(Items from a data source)
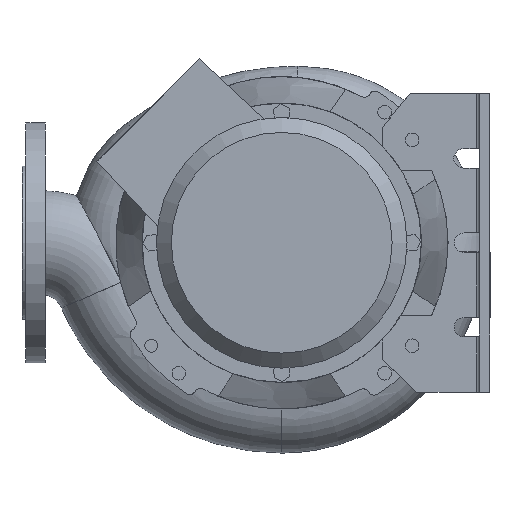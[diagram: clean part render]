
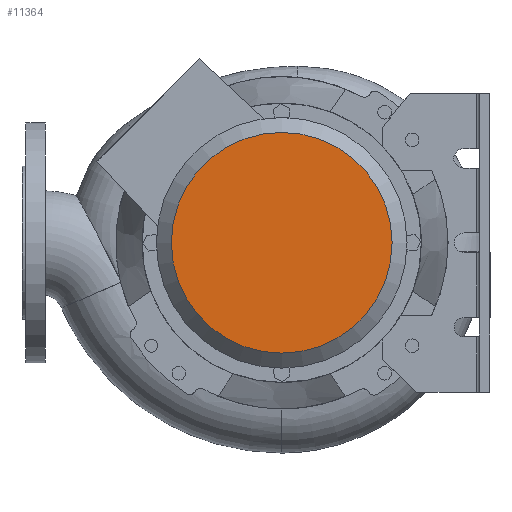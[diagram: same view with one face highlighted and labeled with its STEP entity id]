
A CAD part, left-side view. The second image highlights one B-rep face of the part: STEP entity #11364.
In plain terms, the highlighted planar face has unit normal (-1, 0, 0).
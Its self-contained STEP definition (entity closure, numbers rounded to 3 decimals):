
#3309=FACE_OUTER_BOUND('',#3971,.T.);
#3971=EDGE_LOOP('',(#10403));
#4359=CIRCLE('',#12227,85.);
#5481=VERTEX_POINT('',#21204);
#7135=EDGE_CURVE('',#5481,#5481,#4359,.T.);
#10403=ORIENTED_EDGE('',*,*,#7135,.T.);
#10779=PLANE('',#12228);
#11364=ADVANCED_FACE('',(#3309),#10779,.T.);
#12227=AXIS2_PLACEMENT_3D('',#21205,#14956,#14957);
#12228=AXIS2_PLACEMENT_3D('',#21206,#14958,#14959);
#14956=DIRECTION('center_axis',(-1.,0.,0.));
#14957=DIRECTION('ref_axis',(0.,0.,1.));
#14958=DIRECTION('center_axis',(-1.,0.,0.));
#14959=DIRECTION('ref_axis',(0.,0.,1.));
#21204=CARTESIAN_POINT('',(-463.,265.,0.));
#21205=CARTESIAN_POINT('Origin',(-463.,180.,0.));
#21206=CARTESIAN_POINT('Origin',(-463.,180.,0.));

◆ **Directions**
Find the line containing "[diagram: same view" in the records above and restate it, and each line after it through the end, word for word, dropping the pictures.

◆ **Solution to this task**
[diagram: same view with one face highlighted and labeled with its STEP entity id]
A CAD part, left-side view. The second image highlights one B-rep face of the part: STEP entity #11364.
In plain terms, the highlighted planar face has unit normal (-1, 0, 0).
Its self-contained STEP definition (entity closure, numbers rounded to 3 decimals):
#3309=FACE_OUTER_BOUND('',#3971,.T.);
#3971=EDGE_LOOP('',(#10403));
#4359=CIRCLE('',#12227,85.);
#5481=VERTEX_POINT('',#21204);
#7135=EDGE_CURVE('',#5481,#5481,#4359,.T.);
#10403=ORIENTED_EDGE('',*,*,#7135,.T.);
#10779=PLANE('',#12228);
#11364=ADVANCED_FACE('',(#3309),#10779,.T.);
#12227=AXIS2_PLACEMENT_3D('',#21205,#14956,#14957);
#12228=AXIS2_PLACEMENT_3D('',#21206,#14958,#14959);
#14956=DIRECTION('center_axis',(-1.,0.,0.));
#14957=DIRECTION('ref_axis',(0.,0.,1.));
#14958=DIRECTION('center_axis',(-1.,0.,0.));
#14959=DIRECTION('ref_axis',(0.,0.,1.));
#21204=CARTESIAN_POINT('',(-463.,265.,0.));
#21205=CARTESIAN_POINT('Origin',(-463.,180.,0.));
#21206=CARTESIAN_POINT('Origin',(-463.,180.,0.));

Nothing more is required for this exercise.